About this exercise: Give again, exactly, every line of the entries below from the one that has "#3995 = EDGE_LOOP" to the last.

Records from a data collection
=== Begin Enclosure ===

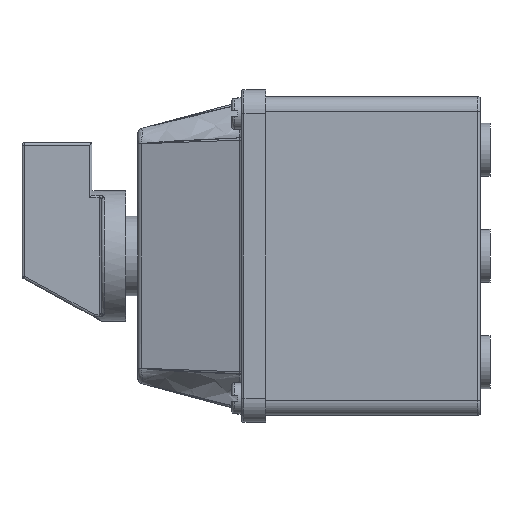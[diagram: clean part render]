
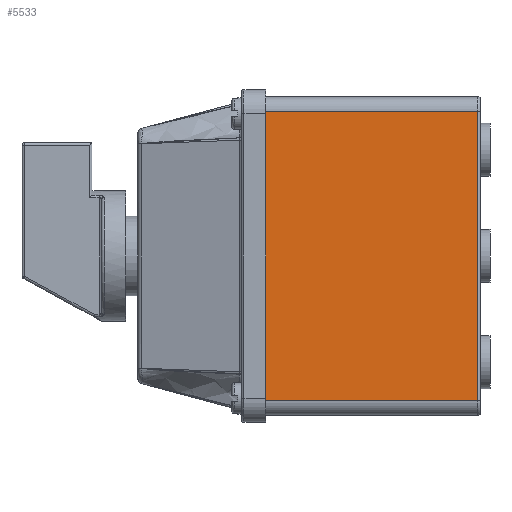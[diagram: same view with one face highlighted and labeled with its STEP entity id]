
A CAD part, left-side view. The second image highlights one B-rep face of the part: STEP entity #5533.
In plain terms, the highlighted planar face has unit normal (-1, 0, 0).
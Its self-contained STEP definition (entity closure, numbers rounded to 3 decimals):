
#639 = EDGE_CURVE ( 'NONE', #2630, #3260, #667, .T. ) ;
#667 = LINE ( 'NONE', #10349, #6136 ) ;
#1007 = CARTESIAN_POINT ( 'NONE',  ( -33., 0.5, -30. ) ) ;
#1282 = CARTESIAN_POINT ( 'NONE',  ( -33., 44.5, -30. ) ) ;
#1461 = ORIENTED_EDGE ( 'NONE', *, *, #11123, .F. ) ;
#1837 = ORIENTED_EDGE ( 'NONE', *, *, #639, .T. ) ;
#2214 = DIRECTION ( 'NONE',  ( 1., 0., 0. ) ) ;
#2525 = VECTOR ( 'NONE', #9252, 1000. ) ;
#2630 = VERTEX_POINT ( 'NONE', #8511 ) ;
#3085 = EDGE_CURVE ( 'NONE', #5606, #2630, #12425, .T. ) ;
#3260 = VERTEX_POINT ( 'NONE', #10035 ) ;
#3323 = ORIENTED_EDGE ( 'NONE', *, *, #3085, .T. ) ;
#3650 = EDGE_CURVE ( 'NONE', #3666, #5606, #5321, .T. ) ;
#3666 = VERTEX_POINT ( 'NONE', #1282 ) ;
#3995 = EDGE_LOOP ( 'NONE', ( #1461, #6742, #3323, #1837 ) ) ;
#4246 = DIRECTION ( 'NONE',  ( 0., 0., 1. ) ) ;
#4347 = CARTESIAN_POINT ( 'NONE',  ( -33., 44.5, -33. ) ) ;
#5321 = LINE ( 'NONE', #5809, #9143 ) ;
#5533 = ADVANCED_FACE ( 'NONE', ( #12621 ), #11957, .F. ) ;
#5606 = VERTEX_POINT ( 'NONE', #1007 ) ;
#5809 = CARTESIAN_POINT ( 'NONE',  ( -33., 44.5, -30. ) ) ;
#6136 = VECTOR ( 'NONE', #9298, 1000. ) ;
#6292 = CARTESIAN_POINT ( 'NONE',  ( -33., 0.5, -33. ) ) ;
#6742 = ORIENTED_EDGE ( 'NONE', *, *, #3650, .T. ) ;
#8511 = CARTESIAN_POINT ( 'NONE',  ( -33., 0.5, 30. ) ) ;
#8975 = DIRECTION ( 'NONE',  ( 0., -1., 0. ) ) ;
#9143 = VECTOR ( 'NONE', #8975, 1000. ) ;
#9252 = DIRECTION ( 'NONE',  ( 0., 0., 1. ) ) ;
#9298 = DIRECTION ( 'NONE',  ( 0., 1., 0. ) ) ;
#9945 = AXIS2_PLACEMENT_3D ( 'NONE', #4347, #2214, #12099 ) ;
#10035 = CARTESIAN_POINT ( 'NONE',  ( -33., 44.5, 30. ) ) ;
#10349 = CARTESIAN_POINT ( 'NONE',  ( -33., 44.5, 30. ) ) ;
#10452 = LINE ( 'NONE', #12610, #2525 ) ;
#11123 = EDGE_CURVE ( 'NONE', #3666, #3260, #10452, .T. ) ;
#11721 = VECTOR ( 'NONE', #4246, 1000. ) ;
#11957 = PLANE ( 'NONE',  #9945 ) ;
#12099 = DIRECTION ( 'NONE',  ( 0., 0., -1. ) ) ;
#12425 = LINE ( 'NONE', #6292, #11721 ) ;
#12610 = CARTESIAN_POINT ( 'NONE',  ( -33., 44.5, -33. ) ) ;
#12621 = FACE_OUTER_BOUND ( 'NONE', #3995, .T. ) ;

=== End Enclosure ===

Result of the exercise:
#3995 = EDGE_LOOP ( 'NONE', ( #1461, #6742, #3323, #1837 ) ) ;
#4246 = DIRECTION ( 'NONE',  ( 0., 0., 1. ) ) ;
#4347 = CARTESIAN_POINT ( 'NONE',  ( -33., 44.5, -33. ) ) ;
#5321 = LINE ( 'NONE', #5809, #9143 ) ;
#5533 = ADVANCED_FACE ( 'NONE', ( #12621 ), #11957, .F. ) ;
#5606 = VERTEX_POINT ( 'NONE', #1007 ) ;
#5809 = CARTESIAN_POINT ( 'NONE',  ( -33., 44.5, -30. ) ) ;
#6136 = VECTOR ( 'NONE', #9298, 1000. ) ;
#6292 = CARTESIAN_POINT ( 'NONE',  ( -33., 0.5, -33. ) ) ;
#6742 = ORIENTED_EDGE ( 'NONE', *, *, #3650, .T. ) ;
#8511 = CARTESIAN_POINT ( 'NONE',  ( -33., 0.5, 30. ) ) ;
#8975 = DIRECTION ( 'NONE',  ( 0., -1., 0. ) ) ;
#9143 = VECTOR ( 'NONE', #8975, 1000. ) ;
#9252 = DIRECTION ( 'NONE',  ( 0., 0., 1. ) ) ;
#9298 = DIRECTION ( 'NONE',  ( 0., 1., 0. ) ) ;
#9945 = AXIS2_PLACEMENT_3D ( 'NONE', #4347, #2214, #12099 ) ;
#10035 = CARTESIAN_POINT ( 'NONE',  ( -33., 44.5, 30. ) ) ;
#10349 = CARTESIAN_POINT ( 'NONE',  ( -33., 44.5, 30. ) ) ;
#10452 = LINE ( 'NONE', #12610, #2525 ) ;
#11123 = EDGE_CURVE ( 'NONE', #3666, #3260, #10452, .T. ) ;
#11721 = VECTOR ( 'NONE', #4246, 1000. ) ;
#11957 = PLANE ( 'NONE',  #9945 ) ;
#12099 = DIRECTION ( 'NONE',  ( 0., 0., -1. ) ) ;
#12425 = LINE ( 'NONE', #6292, #11721 ) ;
#12610 = CARTESIAN_POINT ( 'NONE',  ( -33., 44.5, -33. ) ) ;
#12621 = FACE_OUTER_BOUND ( 'NONE', #3995, .T. ) ;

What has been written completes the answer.